Stored entries:
::::
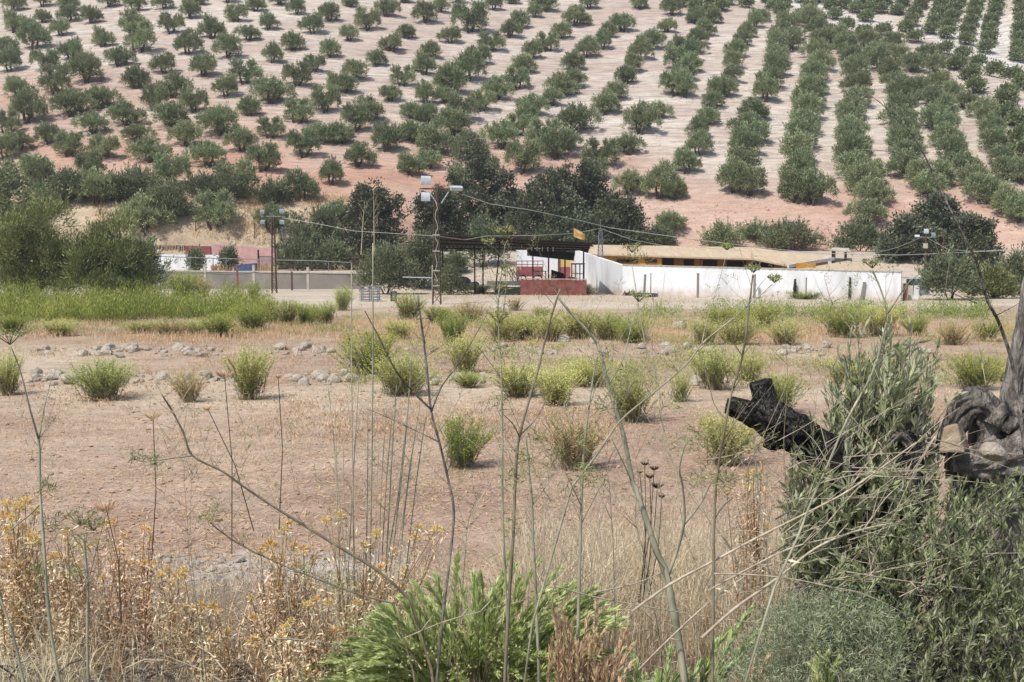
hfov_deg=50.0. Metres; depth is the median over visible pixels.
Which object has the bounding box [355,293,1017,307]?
dry grass
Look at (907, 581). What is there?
dry cane
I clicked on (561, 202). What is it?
holm oak
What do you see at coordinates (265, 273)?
fence wire
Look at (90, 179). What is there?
olive tree
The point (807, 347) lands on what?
stone
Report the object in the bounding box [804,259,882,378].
dry stalk
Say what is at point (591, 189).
holm oak
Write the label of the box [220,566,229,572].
rubble stone
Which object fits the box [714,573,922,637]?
dry cane
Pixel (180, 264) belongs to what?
white wall
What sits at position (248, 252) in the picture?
pink wall
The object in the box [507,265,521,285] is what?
stair railing
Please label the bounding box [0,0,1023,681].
ground
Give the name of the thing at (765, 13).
olive tree
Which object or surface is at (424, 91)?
olive tree
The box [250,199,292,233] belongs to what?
olive tree
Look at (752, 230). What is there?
bank shrub
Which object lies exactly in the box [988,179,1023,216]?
olive tree
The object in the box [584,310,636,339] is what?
fleabane bush
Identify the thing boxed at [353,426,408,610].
reed stalk
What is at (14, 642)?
fennel stalk
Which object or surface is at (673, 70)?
olive tree
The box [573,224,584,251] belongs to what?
flag
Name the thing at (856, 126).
olive tree
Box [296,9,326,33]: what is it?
olive tree
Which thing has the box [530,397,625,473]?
fleabane bush
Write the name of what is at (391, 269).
willow bush
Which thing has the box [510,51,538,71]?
olive tree
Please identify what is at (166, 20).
olive tree
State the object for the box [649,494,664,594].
wild carrot
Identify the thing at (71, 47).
olive tree
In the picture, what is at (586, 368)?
fleabane bush
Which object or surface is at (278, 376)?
wild carrot
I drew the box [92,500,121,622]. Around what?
wild carrot
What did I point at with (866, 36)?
olive tree
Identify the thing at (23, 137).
olive tree
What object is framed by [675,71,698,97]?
olive tree
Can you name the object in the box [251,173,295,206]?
bank shrub
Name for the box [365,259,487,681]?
forked twig
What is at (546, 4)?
olive tree
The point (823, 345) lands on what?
stone
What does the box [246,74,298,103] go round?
olive tree
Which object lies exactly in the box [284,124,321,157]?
olive tree
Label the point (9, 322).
fleabane bush
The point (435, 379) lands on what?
stone
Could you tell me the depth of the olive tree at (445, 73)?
139.22 m
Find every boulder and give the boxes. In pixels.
[61,376,78,383]
[114,352,124,357]
[196,351,207,356]
[292,351,301,355]
[328,375,340,382]
[556,334,569,341]
[589,337,598,343]
[672,321,686,328]
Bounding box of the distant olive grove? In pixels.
[680,0,1023,155]
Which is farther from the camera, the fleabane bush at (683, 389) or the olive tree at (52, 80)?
the olive tree at (52, 80)
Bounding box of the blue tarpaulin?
[235,263,256,270]
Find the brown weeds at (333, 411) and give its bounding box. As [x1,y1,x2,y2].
[0,311,1014,443]
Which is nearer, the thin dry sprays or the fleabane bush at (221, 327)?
the thin dry sprays
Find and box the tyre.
[645,293,657,296]
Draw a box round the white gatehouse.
[516,250,557,272]
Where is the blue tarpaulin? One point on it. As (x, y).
(244, 267)
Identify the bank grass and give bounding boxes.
[0,612,262,681]
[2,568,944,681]
[45,553,460,681]
[225,546,496,663]
[398,494,919,681]
[719,556,1021,681]
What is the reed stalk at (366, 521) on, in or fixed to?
on the ground at (668, 140)
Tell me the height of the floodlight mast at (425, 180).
7.491 m
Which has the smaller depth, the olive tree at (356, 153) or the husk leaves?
the husk leaves
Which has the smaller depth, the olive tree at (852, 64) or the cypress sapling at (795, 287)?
the cypress sapling at (795, 287)
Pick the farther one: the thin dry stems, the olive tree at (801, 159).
the olive tree at (801, 159)
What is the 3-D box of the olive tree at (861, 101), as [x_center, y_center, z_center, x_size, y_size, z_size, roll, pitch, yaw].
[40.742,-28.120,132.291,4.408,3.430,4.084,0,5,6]
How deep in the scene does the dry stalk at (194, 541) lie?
4.80 m
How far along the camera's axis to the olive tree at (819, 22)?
163.71 m
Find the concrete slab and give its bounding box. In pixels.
[487,281,519,284]
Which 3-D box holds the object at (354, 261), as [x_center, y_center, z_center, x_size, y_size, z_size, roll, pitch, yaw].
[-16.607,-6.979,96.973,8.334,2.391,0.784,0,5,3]
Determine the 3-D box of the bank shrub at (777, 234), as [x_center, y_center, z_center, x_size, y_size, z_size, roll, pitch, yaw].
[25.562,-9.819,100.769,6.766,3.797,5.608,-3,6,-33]
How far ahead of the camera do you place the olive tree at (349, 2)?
175.25 m
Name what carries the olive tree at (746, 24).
on the ground at (668, 140)
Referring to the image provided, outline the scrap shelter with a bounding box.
[902,277,929,294]
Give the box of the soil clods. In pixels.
[0,368,998,577]
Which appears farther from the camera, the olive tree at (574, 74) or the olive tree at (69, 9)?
the olive tree at (69, 9)
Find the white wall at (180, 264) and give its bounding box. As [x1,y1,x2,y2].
[156,254,221,269]
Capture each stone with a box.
[25,377,35,382]
[29,367,42,373]
[39,345,49,349]
[44,350,52,354]
[44,373,59,379]
[48,368,59,373]
[58,373,69,379]
[75,349,87,355]
[92,345,101,349]
[100,346,110,351]
[101,350,113,354]
[104,343,115,347]
[125,345,139,351]
[156,371,169,380]
[160,553,171,558]
[171,343,185,350]
[180,346,193,352]
[182,349,196,355]
[193,575,205,580]
[198,370,211,377]
[205,565,216,572]
[210,575,220,581]
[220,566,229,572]
[226,573,238,580]
[235,556,245,562]
[277,344,286,349]
[292,373,302,381]
[298,377,309,385]
[300,342,311,347]
[311,346,320,352]
[311,369,324,377]
[317,373,329,381]
[326,347,335,352]
[340,368,352,375]
[343,373,359,381]
[426,378,439,384]
[526,347,537,352]
[636,343,645,348]
[658,342,670,347]
[659,349,668,354]
[665,346,675,352]
[682,342,691,348]
[689,376,699,385]
[775,348,787,355]
[782,344,789,348]
[802,345,810,349]
[820,341,831,347]
[939,424,968,452]
[979,442,1005,460]
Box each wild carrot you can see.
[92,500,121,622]
[145,412,159,576]
[203,406,253,530]
[215,369,232,554]
[274,374,282,528]
[638,465,658,602]
[638,471,645,600]
[639,462,647,602]
[641,482,663,602]
[645,474,653,597]
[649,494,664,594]
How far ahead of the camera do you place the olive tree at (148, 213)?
98.59 m
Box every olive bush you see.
[0,156,55,215]
[36,165,106,201]
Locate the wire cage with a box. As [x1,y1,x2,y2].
[571,263,584,278]
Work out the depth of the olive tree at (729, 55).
149.71 m
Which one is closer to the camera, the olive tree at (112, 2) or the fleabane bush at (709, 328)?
the fleabane bush at (709, 328)
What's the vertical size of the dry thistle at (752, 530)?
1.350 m
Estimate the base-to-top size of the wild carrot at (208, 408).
0.611 m
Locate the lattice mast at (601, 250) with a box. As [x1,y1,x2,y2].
[596,219,602,290]
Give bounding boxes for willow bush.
[347,234,425,293]
[399,227,448,289]
[430,260,475,294]
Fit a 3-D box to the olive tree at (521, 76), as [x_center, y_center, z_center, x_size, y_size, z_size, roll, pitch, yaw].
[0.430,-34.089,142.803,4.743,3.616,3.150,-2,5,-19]
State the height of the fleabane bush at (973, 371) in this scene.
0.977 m
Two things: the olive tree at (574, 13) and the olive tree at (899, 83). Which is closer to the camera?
the olive tree at (899, 83)
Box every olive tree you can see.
::::
*Work item:* Only lines containing the word "pitch" should appear in the answer, and every such line from the records above must be there.

*Your response:*
What is the 3-D box of the olive tree at (861, 101), as [x_center, y_center, z_center, x_size, y_size, z_size, roll, pitch, yaw].
Which 3-D box holds the object at (354, 261), as [x_center, y_center, z_center, x_size, y_size, z_size, roll, pitch, yaw].
Determine the 3-D box of the bank shrub at (777, 234), as [x_center, y_center, z_center, x_size, y_size, z_size, roll, pitch, yaw].
Fit a 3-D box to the olive tree at (521, 76), as [x_center, y_center, z_center, x_size, y_size, z_size, roll, pitch, yaw].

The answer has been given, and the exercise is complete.